IF you were around in the 1950s, you may recall the occasional headline referring to "Teddy Boy trouble".

Such trouble was commonplace in British towns and cities in the Fifties, and Bradford was no exception.

Rivalries ran high between gangs of young men and youths from different districts who adopted a distinctive type of outfit. Dressed in their Edwardian-inspired attire of drainpipe trousers, fingertip-length jackets and bootlace ties, and often armed with knives, razors and knuckle-dusters, the Teddy Boys would raid each others' territories and challenge each other to gang fights.

The most spectacular of these in Bradford was the 'Battle of Bankfoot' which took place on the night of Saturday, November 26, 1955. When it finally ended, after a police baton charge, three teenage girls had suffered knife wounds, 17 Teddy Boys were arrested, and several policemen's helmets had been badly damaged.

At the height of what was in effect a riot, a crowd of more than 200 people were milling about outside the Ideal Ballroom and the road was blocked to traffic. Eye-witnesses described it as "just like a rugby football match out of control".

The trouble began inside the dance hall and was part of a feud between Bradford and Keighley Teddy Boys. Police were called when about a dozen youths began fighting on the balcony and it was in the aftermath of this initial trouble that the three girls, who had the misfortune to be in the wrong place at the wrong time, received knife wounds - one in the wrist, one in the arm and the third in the back.

The dance hall was cleared and police reinforcements were summoned, but by the time they had arrived the trouble had escalated in the street.

A large crowd gathered and clearly didn't appreciate the police presence.

Soon it was not only Teddy Boy against Teddy Boy, but Teddy Boys against the 20 officers who had been sent along to deal with the disturbance and were hopelessly outnumbered.

The fight that followed was so fierce that helmets were knocked in, uniforms were damaged and staffs had to be drawn before order could be restored and the road re-opened to traffic.

At one point several arrests were made and youths were put into a police van.
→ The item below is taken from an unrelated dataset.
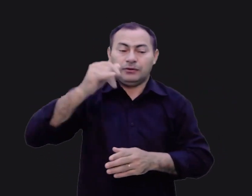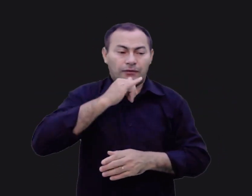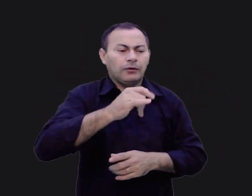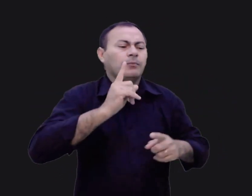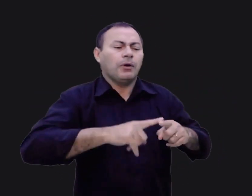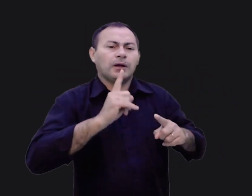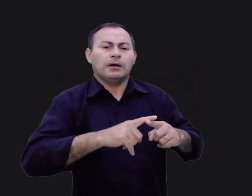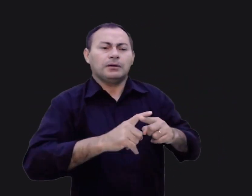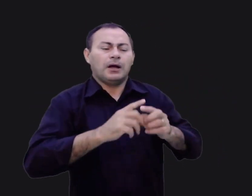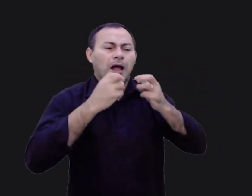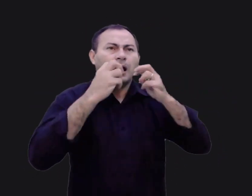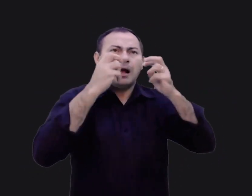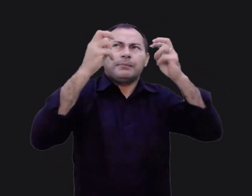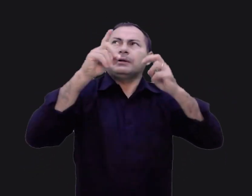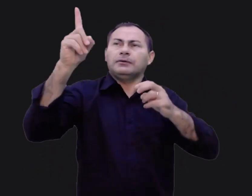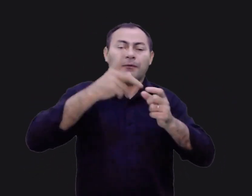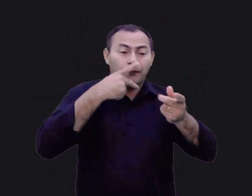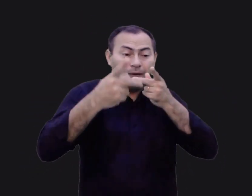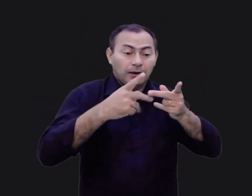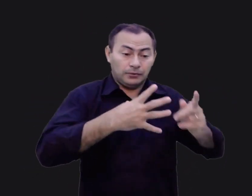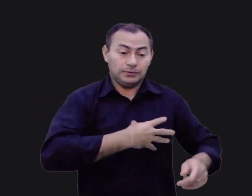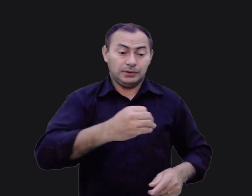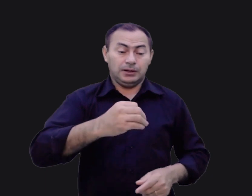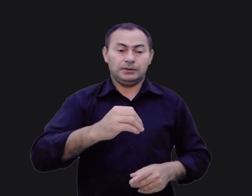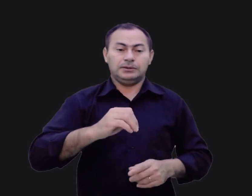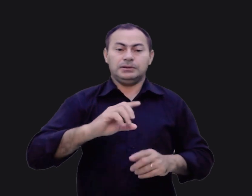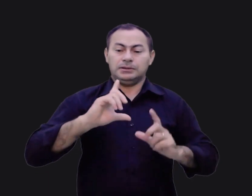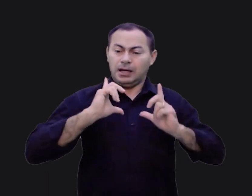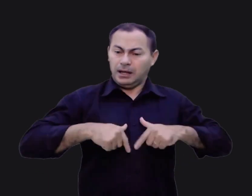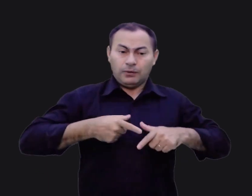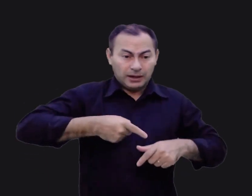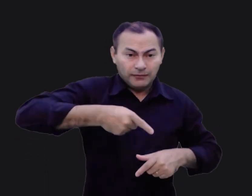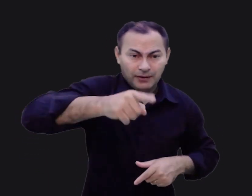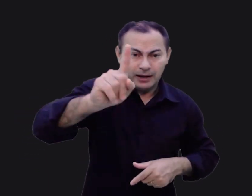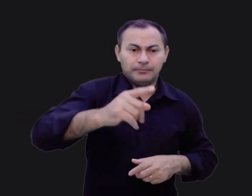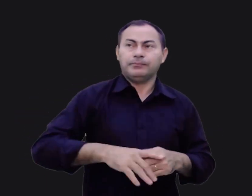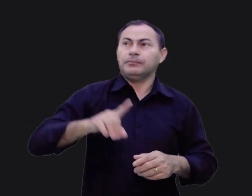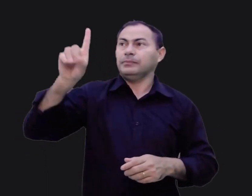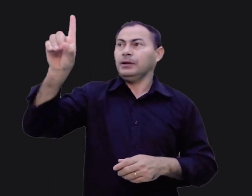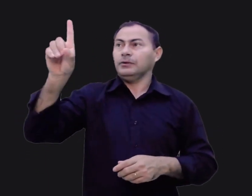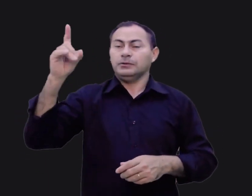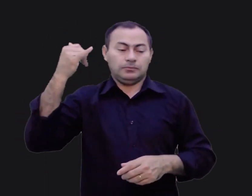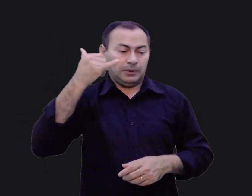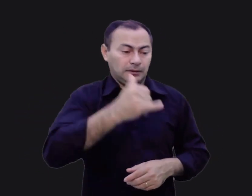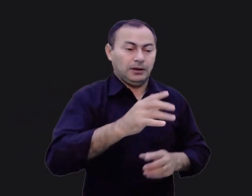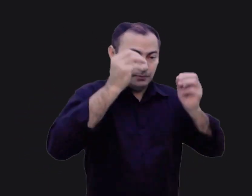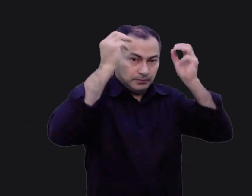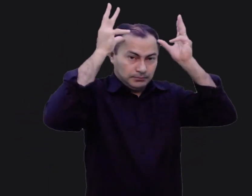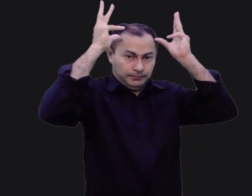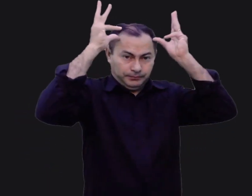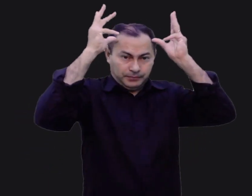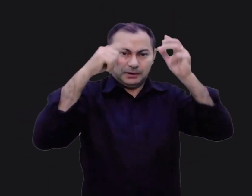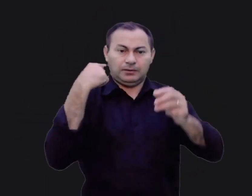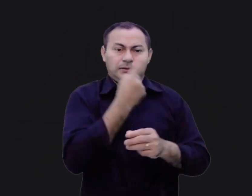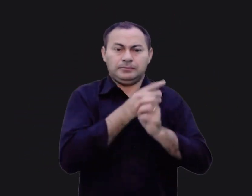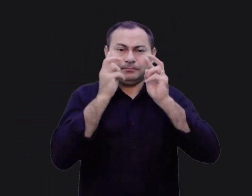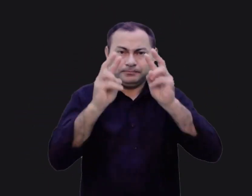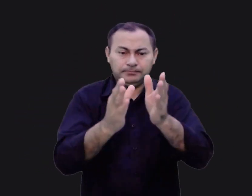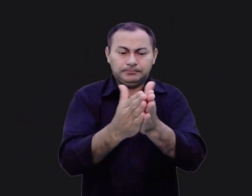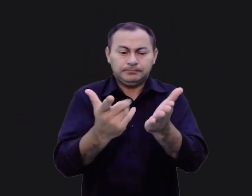a ele, Por que você está clamando a mim? Diga aos filhos de Israel que avancem. Deus estava dizendo para Moisés. E nós vimos isso

A roar went up from the crowd and other youths charged the van in an unsuccessful bid to release them.

"As the result of an incident inside, the management promptly called the police and certain youths were told to leave the premises," reported the Telegraph & Argus at the time. "They did so, but one of them was taken into custody on a charge of being in possession of an offensive weapon.

"Later trouble broke out outside the hall and the road was quickly blocked by groups of youths engaged in fighting and altercation. The three girls, who were leaving the dance hall, received their injuries in the melee, which at one time threatened to assume the ugliest proportions.

"Two of the injured girls were taken to Bradford Royal Infirmary and later discharged. The third girl went to St Luke's Hospital for treatment."

When the 17 arrested youths appeared in court the following Monday, three were given short prison sentences for offences including being drunk and disorderly and behaviour likely to cause a breach of the peace, with one of them also being convicted of "possession without reasonable excuse" of a knuckle-duster. A further 14 were fined and bound over.

The proprietor of the dance hall, Mr Bert Shutt. told the T&A afterwards that he had been warned in an anonymous phone call that there was trouble brewing among the Teddy Boys and had taken steps to avoid "what might have been a very serious situation".

The editor's comment in the T&A the following week - on Tuesday, November 29, 1955 - said: "The vast majority of the citizens of Bradford are not prepared to regard these 'Teddy Boy' gangs, or the melees to which their existence inevitably leads, as a mere outbreak of animal high spirits. Gang warfare conducted with fists and non-lethal weapons differs only in degree from the shooting war that has for so long terrorised some areas of the United States.

"There must be disappointment that the opportunity was not taken by the Bradford magistrates to indicate in the most unequivocal terms that a repetition of the Bankfoot affair will not be tolerated. Physical violence,whatever its form, is one of the gravest crimes against the community."